SUPPLIED RECORDS:
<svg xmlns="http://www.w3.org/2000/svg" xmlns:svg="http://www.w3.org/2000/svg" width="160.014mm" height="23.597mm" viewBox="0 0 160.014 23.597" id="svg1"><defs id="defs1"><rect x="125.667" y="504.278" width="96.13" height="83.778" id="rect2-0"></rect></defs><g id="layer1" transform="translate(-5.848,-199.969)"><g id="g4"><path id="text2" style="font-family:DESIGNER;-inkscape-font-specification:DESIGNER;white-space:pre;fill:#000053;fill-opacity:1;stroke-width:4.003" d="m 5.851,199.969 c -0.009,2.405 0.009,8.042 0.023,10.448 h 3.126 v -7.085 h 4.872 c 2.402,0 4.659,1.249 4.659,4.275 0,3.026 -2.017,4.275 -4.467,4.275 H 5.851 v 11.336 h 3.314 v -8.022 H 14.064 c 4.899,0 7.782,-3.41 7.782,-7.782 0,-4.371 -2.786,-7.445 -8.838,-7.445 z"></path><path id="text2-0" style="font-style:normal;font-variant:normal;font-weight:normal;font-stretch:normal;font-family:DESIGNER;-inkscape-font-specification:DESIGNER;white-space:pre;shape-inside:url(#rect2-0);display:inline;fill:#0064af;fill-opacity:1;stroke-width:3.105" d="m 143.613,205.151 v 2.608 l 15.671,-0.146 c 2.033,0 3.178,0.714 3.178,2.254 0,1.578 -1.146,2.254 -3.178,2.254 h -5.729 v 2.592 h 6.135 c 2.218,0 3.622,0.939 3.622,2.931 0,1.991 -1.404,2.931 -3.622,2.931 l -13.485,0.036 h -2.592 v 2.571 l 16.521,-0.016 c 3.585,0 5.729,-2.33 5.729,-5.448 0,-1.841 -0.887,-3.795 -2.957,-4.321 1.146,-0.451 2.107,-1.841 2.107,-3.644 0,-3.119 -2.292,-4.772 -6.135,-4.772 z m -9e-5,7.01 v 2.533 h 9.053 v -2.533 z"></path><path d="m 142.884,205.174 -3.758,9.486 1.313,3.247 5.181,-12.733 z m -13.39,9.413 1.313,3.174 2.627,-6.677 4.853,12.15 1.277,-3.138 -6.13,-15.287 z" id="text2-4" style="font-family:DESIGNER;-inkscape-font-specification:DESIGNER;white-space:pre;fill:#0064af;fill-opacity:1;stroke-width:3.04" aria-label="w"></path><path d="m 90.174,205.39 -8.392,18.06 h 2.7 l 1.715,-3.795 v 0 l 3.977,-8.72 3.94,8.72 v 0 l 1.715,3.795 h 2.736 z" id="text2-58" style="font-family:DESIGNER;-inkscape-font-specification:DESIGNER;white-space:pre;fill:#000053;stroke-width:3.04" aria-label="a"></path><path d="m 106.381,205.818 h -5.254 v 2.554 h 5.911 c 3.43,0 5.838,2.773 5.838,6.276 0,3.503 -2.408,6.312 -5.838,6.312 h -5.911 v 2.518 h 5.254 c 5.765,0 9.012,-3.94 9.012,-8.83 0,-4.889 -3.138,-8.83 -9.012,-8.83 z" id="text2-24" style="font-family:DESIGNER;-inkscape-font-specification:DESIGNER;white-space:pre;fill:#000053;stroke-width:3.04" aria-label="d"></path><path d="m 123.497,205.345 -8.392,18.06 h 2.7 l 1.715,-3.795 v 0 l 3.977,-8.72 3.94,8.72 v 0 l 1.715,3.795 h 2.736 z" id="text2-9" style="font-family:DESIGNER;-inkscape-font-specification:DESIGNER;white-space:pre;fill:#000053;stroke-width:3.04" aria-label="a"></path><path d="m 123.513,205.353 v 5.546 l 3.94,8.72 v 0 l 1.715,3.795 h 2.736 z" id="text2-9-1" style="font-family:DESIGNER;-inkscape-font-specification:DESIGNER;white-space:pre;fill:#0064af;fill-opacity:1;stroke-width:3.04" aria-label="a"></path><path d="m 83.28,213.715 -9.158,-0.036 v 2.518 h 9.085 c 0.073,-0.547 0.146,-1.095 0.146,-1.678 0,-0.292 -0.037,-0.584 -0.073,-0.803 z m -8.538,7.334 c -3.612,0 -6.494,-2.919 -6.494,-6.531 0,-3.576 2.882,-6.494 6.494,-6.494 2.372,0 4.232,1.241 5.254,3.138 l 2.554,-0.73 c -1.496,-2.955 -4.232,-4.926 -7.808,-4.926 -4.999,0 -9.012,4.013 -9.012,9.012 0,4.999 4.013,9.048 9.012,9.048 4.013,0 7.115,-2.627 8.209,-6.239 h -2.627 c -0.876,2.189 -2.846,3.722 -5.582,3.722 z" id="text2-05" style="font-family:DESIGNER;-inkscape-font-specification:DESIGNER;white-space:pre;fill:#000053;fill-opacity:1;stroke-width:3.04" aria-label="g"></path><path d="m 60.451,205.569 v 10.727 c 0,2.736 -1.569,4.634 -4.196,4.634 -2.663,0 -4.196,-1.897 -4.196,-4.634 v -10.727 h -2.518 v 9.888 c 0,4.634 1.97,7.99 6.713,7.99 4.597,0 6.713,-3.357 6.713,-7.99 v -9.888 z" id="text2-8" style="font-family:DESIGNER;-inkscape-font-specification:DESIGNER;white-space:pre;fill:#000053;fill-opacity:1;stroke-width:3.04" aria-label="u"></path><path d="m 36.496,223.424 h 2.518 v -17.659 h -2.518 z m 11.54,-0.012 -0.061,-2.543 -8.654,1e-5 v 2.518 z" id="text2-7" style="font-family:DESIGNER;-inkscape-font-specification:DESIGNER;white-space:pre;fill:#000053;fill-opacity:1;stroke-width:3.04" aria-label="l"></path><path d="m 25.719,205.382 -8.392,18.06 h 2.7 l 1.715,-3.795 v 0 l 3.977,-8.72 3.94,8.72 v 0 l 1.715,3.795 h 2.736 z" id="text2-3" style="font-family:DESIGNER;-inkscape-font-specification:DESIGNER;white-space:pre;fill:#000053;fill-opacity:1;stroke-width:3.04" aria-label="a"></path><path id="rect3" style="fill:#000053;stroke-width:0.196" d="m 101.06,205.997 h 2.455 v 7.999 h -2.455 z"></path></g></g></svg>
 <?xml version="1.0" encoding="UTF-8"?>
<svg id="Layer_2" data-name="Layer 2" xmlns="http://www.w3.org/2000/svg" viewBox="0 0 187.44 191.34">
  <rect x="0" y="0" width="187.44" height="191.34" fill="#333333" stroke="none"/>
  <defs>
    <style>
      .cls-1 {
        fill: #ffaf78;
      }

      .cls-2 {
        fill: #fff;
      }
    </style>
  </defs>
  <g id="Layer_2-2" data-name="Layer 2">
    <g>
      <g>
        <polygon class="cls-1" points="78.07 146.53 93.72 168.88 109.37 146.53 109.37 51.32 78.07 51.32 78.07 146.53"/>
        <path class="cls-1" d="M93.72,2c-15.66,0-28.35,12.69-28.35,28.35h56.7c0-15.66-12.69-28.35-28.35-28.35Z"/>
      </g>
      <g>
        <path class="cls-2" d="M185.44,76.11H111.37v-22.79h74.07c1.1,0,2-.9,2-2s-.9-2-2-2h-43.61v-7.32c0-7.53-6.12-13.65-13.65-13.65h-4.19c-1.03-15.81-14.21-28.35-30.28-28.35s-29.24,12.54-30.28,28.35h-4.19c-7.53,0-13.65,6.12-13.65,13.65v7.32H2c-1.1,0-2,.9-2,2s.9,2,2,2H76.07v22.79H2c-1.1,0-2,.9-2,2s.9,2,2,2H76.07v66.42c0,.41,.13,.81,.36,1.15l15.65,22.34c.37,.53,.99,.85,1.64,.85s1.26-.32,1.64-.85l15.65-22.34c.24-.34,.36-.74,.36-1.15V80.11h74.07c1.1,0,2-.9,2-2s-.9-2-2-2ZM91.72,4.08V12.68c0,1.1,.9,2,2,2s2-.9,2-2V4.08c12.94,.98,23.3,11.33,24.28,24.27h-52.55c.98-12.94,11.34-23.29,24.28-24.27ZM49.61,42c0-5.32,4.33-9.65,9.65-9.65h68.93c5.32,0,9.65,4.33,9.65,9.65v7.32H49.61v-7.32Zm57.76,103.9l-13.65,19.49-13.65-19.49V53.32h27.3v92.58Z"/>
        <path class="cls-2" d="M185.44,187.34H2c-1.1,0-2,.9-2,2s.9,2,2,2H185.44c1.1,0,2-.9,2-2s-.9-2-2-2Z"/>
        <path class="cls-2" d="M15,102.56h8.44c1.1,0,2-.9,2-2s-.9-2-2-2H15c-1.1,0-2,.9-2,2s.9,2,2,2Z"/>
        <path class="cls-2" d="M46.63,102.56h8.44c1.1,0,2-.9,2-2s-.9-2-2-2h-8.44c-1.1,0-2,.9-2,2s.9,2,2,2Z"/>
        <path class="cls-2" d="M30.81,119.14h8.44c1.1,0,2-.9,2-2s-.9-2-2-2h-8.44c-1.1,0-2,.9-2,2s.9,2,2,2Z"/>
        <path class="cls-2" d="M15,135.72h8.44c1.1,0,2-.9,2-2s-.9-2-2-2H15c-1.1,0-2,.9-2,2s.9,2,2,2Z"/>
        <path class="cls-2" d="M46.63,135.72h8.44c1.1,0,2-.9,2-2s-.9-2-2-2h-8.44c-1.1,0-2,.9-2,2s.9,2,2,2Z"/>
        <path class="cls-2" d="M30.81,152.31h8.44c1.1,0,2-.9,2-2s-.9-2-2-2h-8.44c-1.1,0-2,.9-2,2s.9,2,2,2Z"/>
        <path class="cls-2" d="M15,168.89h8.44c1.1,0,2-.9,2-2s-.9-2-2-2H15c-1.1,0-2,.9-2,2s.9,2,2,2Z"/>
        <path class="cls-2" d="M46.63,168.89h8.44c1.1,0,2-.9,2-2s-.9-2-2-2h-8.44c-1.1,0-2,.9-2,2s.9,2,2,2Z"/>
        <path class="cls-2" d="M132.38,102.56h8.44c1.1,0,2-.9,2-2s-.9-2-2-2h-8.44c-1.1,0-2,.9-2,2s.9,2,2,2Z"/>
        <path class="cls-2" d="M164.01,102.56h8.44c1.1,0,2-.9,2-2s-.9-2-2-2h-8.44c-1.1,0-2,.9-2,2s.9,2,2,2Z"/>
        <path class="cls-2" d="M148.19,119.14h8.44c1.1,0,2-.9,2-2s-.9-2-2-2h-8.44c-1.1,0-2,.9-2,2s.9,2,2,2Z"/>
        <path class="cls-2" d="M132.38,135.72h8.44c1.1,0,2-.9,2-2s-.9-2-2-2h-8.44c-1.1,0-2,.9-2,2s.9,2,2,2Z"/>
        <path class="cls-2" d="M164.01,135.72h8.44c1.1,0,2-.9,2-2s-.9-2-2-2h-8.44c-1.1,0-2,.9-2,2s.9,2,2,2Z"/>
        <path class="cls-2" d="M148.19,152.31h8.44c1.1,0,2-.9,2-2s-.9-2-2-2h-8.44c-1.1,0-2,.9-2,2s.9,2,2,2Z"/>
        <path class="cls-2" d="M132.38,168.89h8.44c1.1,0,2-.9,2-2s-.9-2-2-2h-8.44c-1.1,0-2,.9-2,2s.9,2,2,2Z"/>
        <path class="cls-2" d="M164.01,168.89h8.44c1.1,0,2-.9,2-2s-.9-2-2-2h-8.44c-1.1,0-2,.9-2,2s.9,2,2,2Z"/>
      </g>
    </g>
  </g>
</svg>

REQUIREMENT:
Search the lines above for the string "name" and copy each line that has it.

REPLY:
<svg id="Layer_2" data-name="Layer 2" xmlns="http://www.w3.org/2000/svg" viewBox="0 0 187.44 191.34">
  <g id="Layer_2-2" data-name="Layer 2">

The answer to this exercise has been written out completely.